Diplomacy the best way to handle Iran
No right-thinking government can oppose efforts to ensure that Iran does not develop nuclear weapons. Proliferation by rogue nations endangers regional and global peace and security. Years of dialogue and sanctions have not worked, though, so a new international strategy is needed. Making Iran's people or those of its trading partners suffer is not the answer.
So China's reluctance to sign up to tougher sanctions against Iran is understandable. US Treasury Secretary Timothy Geithner's recent visit to Beijing to enlist help in hitting Tehran's oil income by having Beijing cut what it pays for the fuel or reduce its imports appears to have fallen on deaf ears. He met Vice-President Xi Jinping , Premier Wen Jiabao and Vice-Premier Li Keqiang with the matter top of his agenda, but Chinese leaders were silent on the issue after the talks. Agreeing would have hurt Chinese and Iranians; China gets 22 per cent of its oil from Iran and is the nation's biggest crude buyer.
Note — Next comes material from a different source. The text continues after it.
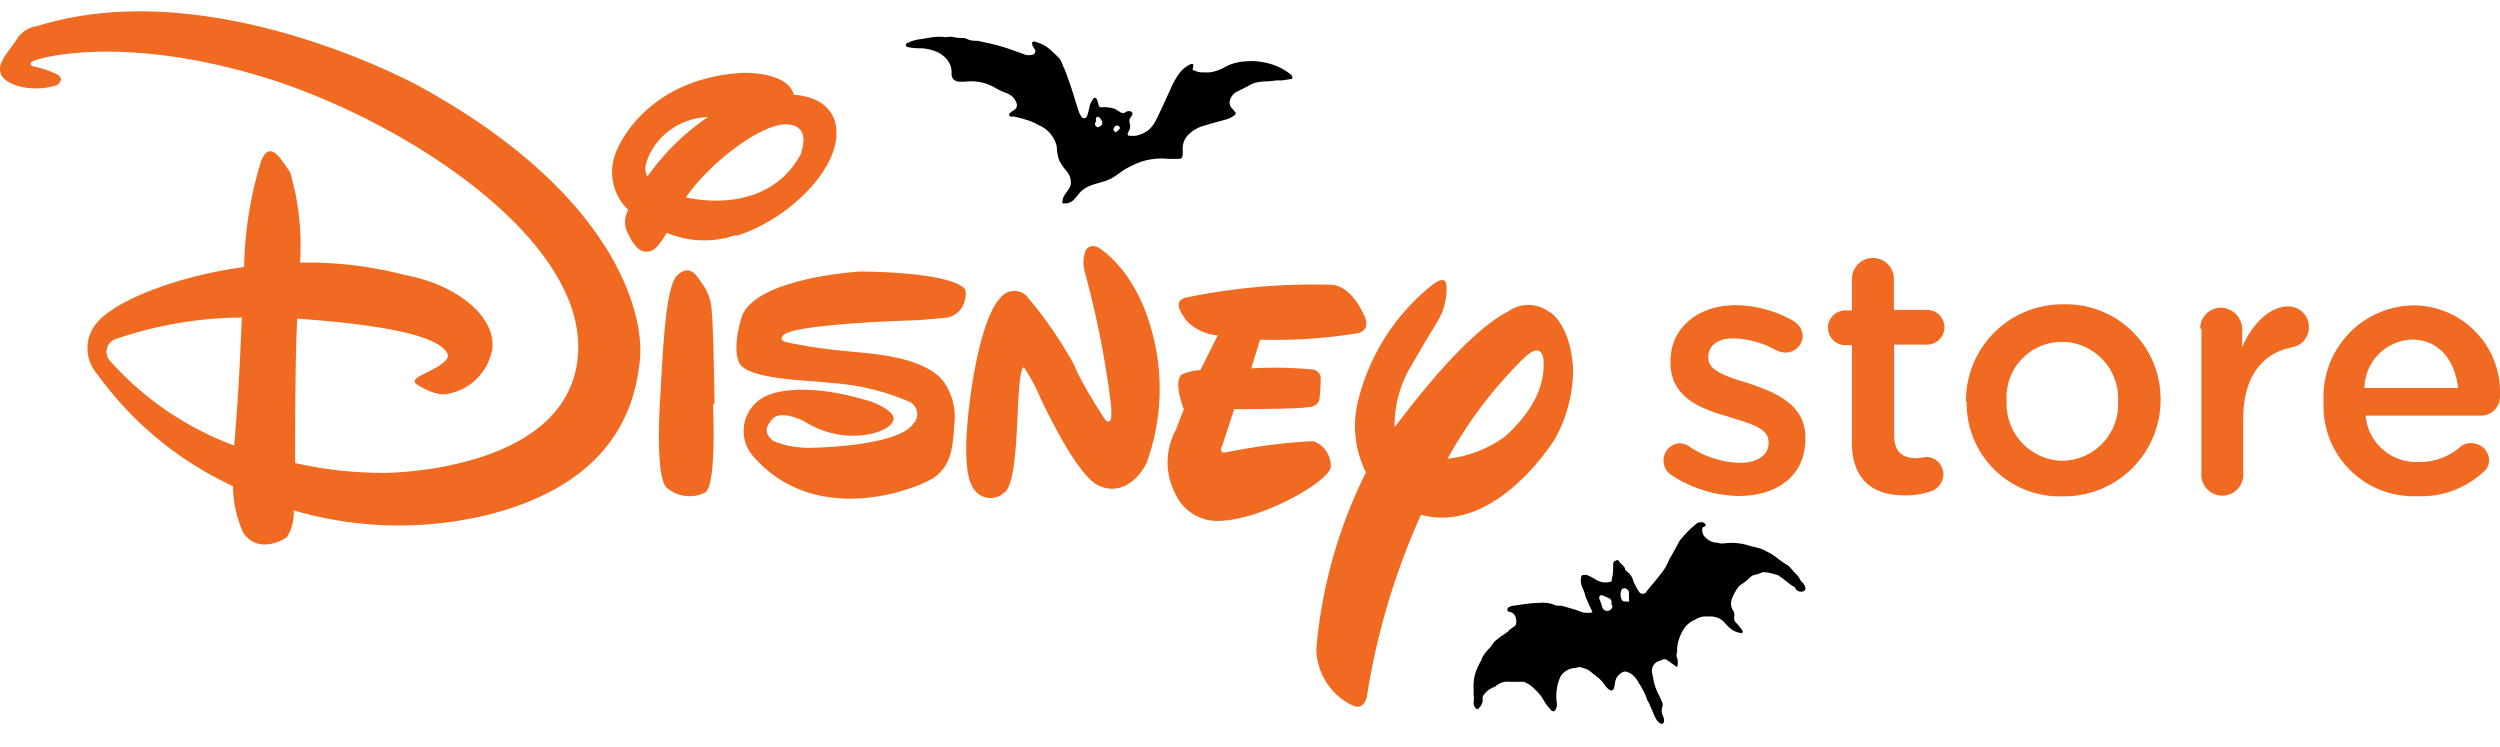 <?xml version="1.0" encoding="UTF-8"?> <svg xmlns="http://www.w3.org/2000/svg" id="Layer_2" data-name="Layer 2" viewBox="0 0 144 43"><defs><style>.cls-1{fill:#f16a21;}</style></defs><path class="cls-1" d="M96.2,27.31a1,1,0,0,1,.51-1.78,1.13,1.13,0,0,1,.51.13,5.48,5.48,0,0,0,3,1c1,0,1.65-.44,1.65-1.14v-.07c0-.82-1.14-1.07-2.35-1.46-1.52-.44-3.3-1.07-3.3-3.11v-.06c0-2,1.65-3.24,3.75-3.24a6.8,6.8,0,0,1,3.3.89,1.07,1.07,0,0,1,.57.89,1,1,0,0,1-1,.95,1.52,1.52,0,0,1-.5-.12,5.41,5.41,0,0,0-2.48-.7c-.95,0-1.46.44-1.46,1.08v.06c0,.76,1.14,1.08,2.35,1.46,1.52.51,3.24,1.21,3.24,3.11v.06c0,2.23-1.72,3.31-3.87,3.31a7.29,7.29,0,0,1-3.94-1.27"></path><path class="cls-1" d="M106.67,25.46V19.88h-.38a1,1,0,0,1,0-2h.38V16.07a1.21,1.21,0,0,1,2.42,0v1.78H111a1,1,0,1,1,0,2h-1.9v5.2c0,1,.5,1.34,1.27,1.34a4.74,4.74,0,0,0,.57-.07,1,1,0,0,1,1,1,1.07,1.07,0,0,1-.63.95,4.54,4.54,0,0,1-1.65.26c-1.72,0-3-.83-3-3.12"></path><path class="cls-1" d="M122,23.12h0a3.26,3.26,0,0,0-3.24-3.43,3.19,3.19,0,0,0-3.18,3.36v.07a3.28,3.28,0,0,0,3.18,3.42A3.25,3.25,0,0,0,122,23.12m-8.76,0h0a5.55,5.55,0,0,1,5.58-5.59A5.45,5.45,0,0,1,124.45,23v.06a5.56,5.56,0,0,1-5.65,5.53,5.36,5.36,0,0,1-5.52-5.46"></path><path class="cls-1" d="M126.73,18.93a1.21,1.21,0,0,1,1.21-1.21,1.26,1.26,0,0,1,1.21,1.21V20c.57-1.34,1.58-2.35,2.66-2.35a1.19,1.19,0,0,1,.26,2.35c-1.72.31-2.86,1.65-2.86,4.12v3.11a1.21,1.21,0,1,1-2.41,0V18.93Z"></path><path class="cls-1" d="M141.59,22.35c-.19-1.58-1.08-2.79-2.67-2.79a2.84,2.84,0,0,0-2.73,2.79Zm-7.75.77h0A5.26,5.26,0,0,1,139,17.59a5,5,0,0,1,5,5.21,1.1,1.1,0,0,1-1.14,1.14h-6.6a2.92,2.92,0,0,0,3,2.67,3.6,3.6,0,0,0,2.48-.89.83.83,0,0,1,.63-.19,1,1,0,0,1,1,.95.83.83,0,0,1-.32.7,5.28,5.28,0,0,1-3.81,1.4,5.19,5.19,0,0,1-5.4-5.46"></path><path class="cls-1" d="M6.38,20.83a.78.78,0,0,1,.38-1.33,22.71,22.71,0,0,1,7.17-1.21c-.06,1.21-.13,3.75-.44,7.37a17.8,17.8,0,0,1-7.11-4.83m10.72-2.6h0M24.21,5s-12-6.66-22.09-3.49a1.62,1.62,0,0,0-1.2.83c-.58.82-1.15,1.39-.83,2s1.84,1,3.17.57c0,0,.64-.38-.12-.7s-1.21-.38-1.21-.38-.38-.13,0-.32S7,2,15,4.39,33.8,13.66,33.29,20.45s-11.17,6.79-11.17,6.79A23.18,23.18,0,0,1,17,26.67c0-2.22,0-6,.12-8.32,2.61.2,7.94.64,8.64,2,0,0,.31.32-.76.89-.83.45-1.53.64-.83,1,0,0,1,.63,1.65.44a3.18,3.18,0,0,0,2.54-2.6c.19-1.84-2-3.68-5.08-4.25a22,22,0,0,0-6-.7,14.86,14.86,0,0,0-.57-5.21c-.57-.82-1.14-1.84-1.65-.7a22,22,0,0,0-1,6.16c-3.43.45-7.24,1.78-8.45,3.18a2.25,2.25,0,0,0,0,3A19.89,19.89,0,0,0,13.42,28,6.71,6.71,0,0,0,14,30.67c.83,1.27,2.35.44,2.54.25a2.67,2.67,0,0,0,.38-1.52,21.62,21.62,0,0,0,11.43.19c7.11-1.9,8.25-6.28,8.51-8.89S35.45,11.18,24.21,5"></path><path class="cls-1" d="M37.67,8.45a3.92,3.92,0,0,1,3.11-1.71,13.65,13.65,0,0,0-3.49,3.43c-.19-.32-.19-.83.38-1.72m8.51.32c-1.53,3-4.83,3-6.67,2.6C40.72,9.59,43.38,7.44,45,7.18c1.85-.19,1.15,1.59,1.15,1.59m-3.75,4.82c2.86-.88,5.72-3.61,5.78-5.84S45.8,5.47,45.8,5.47h-.07c-.38-1.4-3-1.27-3-1.27-5.27.32-7.11,3.93-7.36,4.89a3,3,0,0,0,.82,3,1.41,1.41,0,0,0,0,1.4c.13.25.51,1.08,1.08,1,.38,0,.63-.26,1.14-1.08a5.55,5.55,0,0,0,4,.12"></path><path class="cls-1" d="M41.16,23.31S41.1,18.93,41,18a2.93,2.93,0,0,0-.64-1.78c-.25-.38-.63-1-1.33-.38s-.83,4.19-1,7-.06,4.69.32,5.2a2,2,0,0,0,2.28.32c.64-.45.45-4.76.45-4.76v-.38Z"></path><path class="cls-1" d="M55.57,16.64c-.89-1-6-1-6-1-1.91.12-6.29.76-6.86,2.66s-.13,2.6-.13,2.6c.51,1,4.19,1,5.21,1.15a13.87,13.87,0,0,1,4.57,1.08.79.79,0,0,1,.25,1.27c-.89,1.33-5.84,1.39-5.84,1.39a5.54,5.54,0,0,1-2.22-.38c-.44-.38-.57-.7-.06-1.27s1.84.13,1.84.13a5.22,5.22,0,0,0,2.54.82c1.46.07,2.54-.44,2.6-.95s-1.27-1-1.27-1c-4.32-1.34-6.09-.32-6.09-.32a2.21,2.21,0,0,0-.7,3.49c3.74,4.25,9.77,1.71,10.47,1.14s1-1.2,1.08-2.92A3.6,3.6,0,0,0,54.37,22c-1.21-1.59-4.7-1.65-5.65-1.78a29.36,29.36,0,0,1-3.43-.51c-.51-.13-.13-.44-.13-.44.64-.51,5.33-.76,7.81-.83l1.4-.13a1.27,1.27,0,0,0,1.2-1c.13-.51,0-.7,0-.7"></path><path class="cls-1" d="M63.19,14.23a.48.48,0,0,0-.7.32,2,2,0,0,0,0,1.14A54.1,54.1,0,0,1,64,23.37s.06.83-.07.89a.24.24,0,0,1-.25-.06,28.83,28.83,0,0,1-1.59-2.67L61.86,21a24,24,0,0,0-2.61-3.81,1,1,0,0,0-1.65,0c-.82.83-1.46,3.56-1.77,6.16s-.19,4.06.19,4.7a1.16,1.16,0,0,0,1.84.31c.7-.5.7-3.93.82-5.71s.32-1.46.32-1.46a10.25,10.25,0,0,1,.89,1.65s2,4.38,3.3,5.08,2.41-.32,2.86-1.27a12.49,12.49,0,0,0,.25-7.74c-1-3.56-3.11-4.7-3.11-4.7"></path><path class="cls-1" d="M76.65,27a1.54,1.54,0,0,0-1-1.59,33.15,33.15,0,0,0-5,.64c-.51.12-.25-.38-.25-.38l.69-2.1s3.81,0,4.32-.13A.59.59,0,0,0,76,23a10.72,10.72,0,0,0,.07-1.14.52.52,0,0,0-.51-.58,22.24,22.24,0,0,0-3.49-.06l.51-1.65h.25a29.33,29.33,0,0,0,5.39-.38c.77-.19.39-.95.39-.95-.89-2-2-1.84-2-1.84a35.8,35.8,0,0,0-8.38.76c-.5.19-.44.57.13,1.33a2.81,2.81,0,0,0,1.78.83l-1,2a2.81,2.81,0,0,0-1.08.26c-.5.44.13,2,.13,2s-.19.44-.44,1.14a3.9,3.9,0,0,0-.07,3.68A2.66,2.66,0,0,0,69.92,30c2.47.12,6.47-2.16,6.73-3.05"></path><path class="cls-1" d="M86.68,25.15a6.88,6.88,0,0,1-3.3,1.27,25.18,25.18,0,0,1,4.25-5.65c1.21-1.27,1.27-.07,1.27-.07.19,2.16-1.52,3.81-2.22,4.45M89.28,18a2,2,0,0,0-2.41-.06c-2.22,1.14-5,4.63-6.54,6.67a6.7,6.7,0,0,1,.82-3.31l.26-.44c1.2-2.09,1.4-2.28,1.65-2.86s.38-1.71.13-1.84-.7.26-.7.26a12.23,12.23,0,0,0-4.26,6.66,5.94,5.94,0,0,0,.45,4.13A28,28,0,0,0,75.82,37.4a3.67,3.67,0,0,0,2.1,3.24c.7.31.82-.57.82-.57a40.78,40.78,0,0,1,3.11-10.42c3.68,1,6.73-2.85,7.68-4.31a8.24,8.24,0,0,0,1.08-3.94c0-.25-.06-2.47-1.33-3.43"></path><g id="_1348256_IC016" data-name="1348256_IC016"><path d="M74.38,4.32a3.39,3.39,0,0,0-.72-.46,4,4,0,0,0-1.3-.33,3.13,3.13,0,0,0-.53,0,3,3,0,0,0-1.16.27,2.64,2.64,0,0,1-1,.37c-.11,0-.22,0-.33,0s-.3,0-.44-.07-.26,0-.17-.24h0c0-.06,0-.13,0-.16a.22.22,0,0,0-.16,0,1.66,1.66,0,0,0-.59.46,4.26,4.26,0,0,0-.57,1c-.27.58-.53,1.17-.82,1.75a1.71,1.71,0,0,1-.5.63,1.88,1.88,0,0,1-.67.28,2,2,0,0,1-.35,0c-.1,0-.14-.06-.1-.16a2,2,0,0,1,.1-.21.62.62,0,0,0,0-.36.38.38,0,0,1,0-.23,1.48,1.48,0,0,1,.13-.21c.08-.12,0-.23-.13-.25a.41.41,0,0,0-.28.09c-.1.06-.13,0-.23,0a2.56,2.56,0,0,0-.35-.22,1.88,1.88,0,0,0-.71-.09c-.16,0-.18,0-.23-.17a2.76,2.76,0,0,0-.08-.27.27.27,0,0,0-.1-.11s-.1,0-.14.09a1.19,1.19,0,0,0-.2.46,4.42,4.42,0,0,1-.14.52.18.18,0,0,1-.33,0,1.16,1.16,0,0,1-.14-.27c-.15-.46-.29-.93-.44-1.39-.09-.27-.19-.55-.29-.82s-.13-.32-.2-.47a1.2,1.2,0,0,0-.17-.36,6.88,6.88,0,0,0-.55-.53,1.91,1.91,0,0,0-.83-.44.17.17,0,0,0-.19,0c-.05.06,0,.12,0,.19s.11.17.15.25a.22.22,0,0,1-.19.3.84.84,0,0,1-.35,0c-.47-.17-.94-.35-1.42-.49s-.9-.22-1.36-.32c-.17,0-.35,0-.52-.07a2.18,2.18,0,0,0-.23-.09c-.21,0-.41,0-.61-.05s-.34,0-.51,0a2.66,2.66,0,0,0-.69,0L53,2.26a2,2,0,0,0-.71.21c-.06,0-.12.07-.11.14a.15.15,0,0,0,.15.11,3.31,3.31,0,0,0,.54.06,2.58,2.58,0,0,1,1,.17,1.61,1.61,0,0,1,.71.52,1.16,1.16,0,0,1,.23.78.42.42,0,0,0,.42.45,2.93,2.93,0,0,0,.41,0A2.73,2.73,0,0,1,57.22,5c.15.09.31.17.47.25s.26.09.37.15a.92.92,0,0,1,.5.56.31.31,0,0,1-.11.35c-.08.06-.17.11-.24.17s-.09.09-.09.14.07.09.14.1a.52.52,0,0,1,.17,0,8.12,8.12,0,0,1,.81.22,2.94,2.94,0,0,1,.57.26,1.76,1.76,0,0,1,1.06,1.24,2.69,2.69,0,0,0,.14.8,3.15,3.15,0,0,0,.42.61,1,1,0,0,1,.25.69c0,.39-.48.66-.48,1.05a.17.17,0,0,0,0,.12.09.09,0,0,0,.07,0,.67.67,0,0,0,.6-.23c.16-.15.28-.35.44-.5l.2-.14c.43-.27,1-.31,1.46-.54.3-.15.55-.38.83-.55a7.45,7.45,0,0,1,.75-.37,3.84,3.84,0,0,1,1.75-.23c.13,0,.25,0,.38,0l.13,0c.2,0,.29,0,.31-.24a2.29,2.29,0,0,0,0-.37,1.14,1.14,0,0,1,.28-.73,2,2,0,0,1,1-.58c.43-.15.88-.24,1.32-.38a1.39,1.39,0,0,0,.41-.23.11.11,0,0,0,0-.18c-.06-.07-.11-.14-.17-.2a.47.47,0,0,1-.12-.45.8.8,0,0,1,.45-.53c.28-.14.56-.28.83-.43A2.3,2.3,0,0,1,73,4.69l.57-.06.29,0,.51-.08s.07,0,.07-.07A.19.19,0,0,0,74.38,4.32Zm-11.07,3A.19.19,0,0,1,63.13,7a1.17,1.17,0,0,1,0-.2.12.12,0,0,1,.22,0,.8.8,0,0,1,.13.19A.23.23,0,0,1,63.31,7.29Zm1,.31a.2.2,0,0,1-.17-.19.22.22,0,0,1,.21-.21.17.17,0,0,1,.16.16C64.46,7.46,64.34,7.6,64.26,7.6Z"></path></g><g id="_1348256_IC016-2" data-name="1348256_IC016"><path d="M104,33.89a.65.65,0,0,0-.2-.36.29.29,0,0,1-.1-.12,1.09,1.09,0,0,0-.23-.33c-.15-.14-.28-.31-.42-.46l-.1-.07a6.74,6.74,0,0,1-.64-.45c-.12-.09-.25-.17-.38-.25l-.24-.12a1.73,1.73,0,0,0-.31-.14c-.25-.07-.51-.12-.76-.2a3.28,3.28,0,0,0-1.32-.09.93.93,0,0,1-.41-.05s-.08,0-.11,0a1,1,0,0,1-.6-.35.54.54,0,0,1-.13-.41.16.16,0,0,1,.11-.16c.06,0,.11-.05.08-.11a.23.23,0,0,0-.12-.12.44.44,0,0,0-.42.08,6.42,6.42,0,0,0-.48.43c-.15.15-.28.31-.42.47a.61.61,0,0,0-.07.1l-.48.88a.88.88,0,0,0-.12.21,2.92,2.92,0,0,1-.46.78c-.27.35-.56.69-.82,1a.25.25,0,0,1-.46,0,4,4,0,0,1-.31-.58,1,1,0,0,0-.4-.58.16.16,0,0,1-.07-.07c0-.2-.23-.3-.33-.46s-.14-.09-.23-.06-.12.09-.13.18c0,.27,0,.54-.06.8s0,.21-.16.24a.89.89,0,0,1-.46,0,1.43,1.43,0,0,1-.38-.17,3.17,3.17,0,0,0-.45-.23.47.47,0,0,0-.17,0c-.1,0-.14,0-.17.14a1,1,0,0,0,.09.62,2.1,2.1,0,0,1,.15.42.85.85,0,0,0,.06.17l.36.8a.09.09,0,0,1,0,0,1.43,1.43,0,0,1-.58,0l-.37-.14-.83-.24c-.17,0-.36,0-.52-.09a2,2,0,0,0-.8-.07c-.49,0-1,.1-1.47.16a.73.73,0,0,0-.28.1.26.26,0,0,0-.06.18s.07.06.12.07a.46.46,0,0,1,.26.13.68.68,0,0,1,.12.58.26.26,0,0,1-.12.15,1.8,1.8,0,0,0-.37.3,4.68,4.68,0,0,1-.4.27,1.83,1.83,0,0,1-.16.13,1.32,1.32,0,0,0-.37.41l-.12.14a2.24,2.24,0,0,0-.43.58c0,.11-.11.22-.15.33a3,3,0,0,0-.21.49,2.72,2.72,0,0,0-.11.94c0,.12,0,.24,0,.34a1.13,1.13,0,0,1,0,.41.48.48,0,0,0,.09.32c.07.11.15.12.24,0a.72.72,0,0,0,.2-.43.51.51,0,0,1,0-.22,1.24,1.24,0,0,1,.64-.53.37.37,0,0,0,.12-.07,1,1,0,0,1,.76-.24H87l.69,0,.07,0a1.69,1.69,0,0,1,.66.45,2.41,2.41,0,0,1,.52.66,3,3,0,0,0,.38.5c.11.13.2.11.28,0a.64.64,0,0,0,.07-.41A2.73,2.73,0,0,1,89.87,39a.81.81,0,0,1,.27-.31,1,1,0,0,1,.52-.21l.11,0a.43.43,0,0,1,.41,0,1.06,1.06,0,0,1,.59.35s.08,0,.12.08a2,2,0,0,1,.56.57.78.78,0,0,0,.26.25.15.15,0,0,0,.25-.09,1.59,1.59,0,0,0,.06-.3,1.49,1.49,0,0,1,.09-.3,1,1,0,0,1,.24-.25.37.37,0,0,1,.33-.1,1.09,1.09,0,0,1,.34.17,1.51,1.51,0,0,1,.39.51,3.66,3.66,0,0,1,.46.93.75.75,0,0,0,.07.12l.07.14.24.56a1.8,1.8,0,0,0,.17.34.64.64,0,0,0,.2.2.13.13,0,0,0,.22-.08.36.36,0,0,0,0-.18,1.27,1.27,0,0,0-.08-.23.64.64,0,0,1,0-.47.45.45,0,0,0,0-.2c-.06-.16-.14-.32-.21-.47a4.16,4.16,0,0,1-.23-.54,4.83,4.83,0,0,1-.14-.66.6.6,0,0,1,.29-.72,2.09,2.09,0,0,1,.23-.08A.31.31,0,0,1,96,38l.6.43a.92.92,0,0,0,0-.54.4.4,0,0,1,0-.32.85.85,0,0,0,0-.17,2.13,2.13,0,0,1,.12-.61,2.44,2.44,0,0,1,.35-.68,1.48,1.48,0,0,1,.6-.43,1,1,0,0,1,.5-.17h.32a1.06,1.06,0,0,1,.86.37,3,3,0,0,0,.31.31,1.21,1.21,0,0,0,.68.28.14.14,0,0,0,0-.19c-.1-.13-.2-.26-.31-.38a.38.38,0,0,1-.14-.37.49.49,0,0,0-.08-.39.72.72,0,0,1-.07-.59,2.58,2.58,0,0,1,.28-.58.84.84,0,0,1,.28-.31,2.63,2.63,0,0,0,.49-.39.58.58,0,0,1,.34-.17,2.32,2.32,0,0,0,.37-.13.43.43,0,0,1,.19,0c.24,0,.47.1.71.16a.35.35,0,0,1,.13.08c.2.14.39.29.58.44s.24.12.29.21a.37.37,0,0,0,.46.2A.2.2,0,0,0,104,33.89Zm-11.12,1a.3.3,0,0,1-.25.29A.29.29,0,0,1,92.3,35a1.06,1.06,0,0,1-.06-.19l-.09-.26a.21.21,0,0,1,0-.23.15.15,0,0,1,.2,0,3.29,3.29,0,0,1,.39.17s.06.07.08.12a1.33,1.33,0,0,1,0,.24Zm1-.24-.19,0c-.19,0-.25,0-.31-.19a.73.73,0,0,1,0-.44.19.19,0,0,1,.28-.11.29.29,0,0,1,.17.19C93.82,34.29,93.83,34.46,93.84,34.65Z"></path></g></svg>

Beijing is not alone with such thinking. While the European Union is already committed to a ban on Iranian oil and Japan has agreed to reduce imports, India says it will not and Russia remains a firm opponent. But that does not mean Iran's oil customers support what would appear to be efforts to enrich uranium to near weapons-grade quality. China and Russia have consistently backed UN Security Council resolutions calling on Iran to halt its activities.
Tensions between Iran and its rivals, particularly the US, are escalating. The Iranian government has blamed Israel for the reported death of a fourth nuclear scientist in two years. It has threatened to close its oil shipping route, the Strait of Hormuz, and warned the US to keep its aircraft carriers out of the region. In the wake of Washington's decision on December 30 to impose sanctions on financial institutions dealing with Iran's central bank, Tehran announced it had started enriching uranium at a second facility.
Judging by history, economic sanctions do not work in convincing a government to change its ways; South Africa under apartheid is one of the few exceptions. Only with widespread support will they be effective and when it comes to Iran, that is clearly not the case. Punishing countries that do not back such moves will have dire diplomatic consequences. A better way to end Iran's errant ways has to be found.
International co-ordinated pressure through the UN is still the best approach. China and Russia, as trading partners, have leverage and must help push Iran to be transparent about its nuclear programme. As the government is more vulnerable than at any other time in its 32-year history, with deep political divisions and a woeful economy, there is a better-than-ever chance that it will listen. Diplomacy, not sanctions, force or the threat of war offer the best opportunity.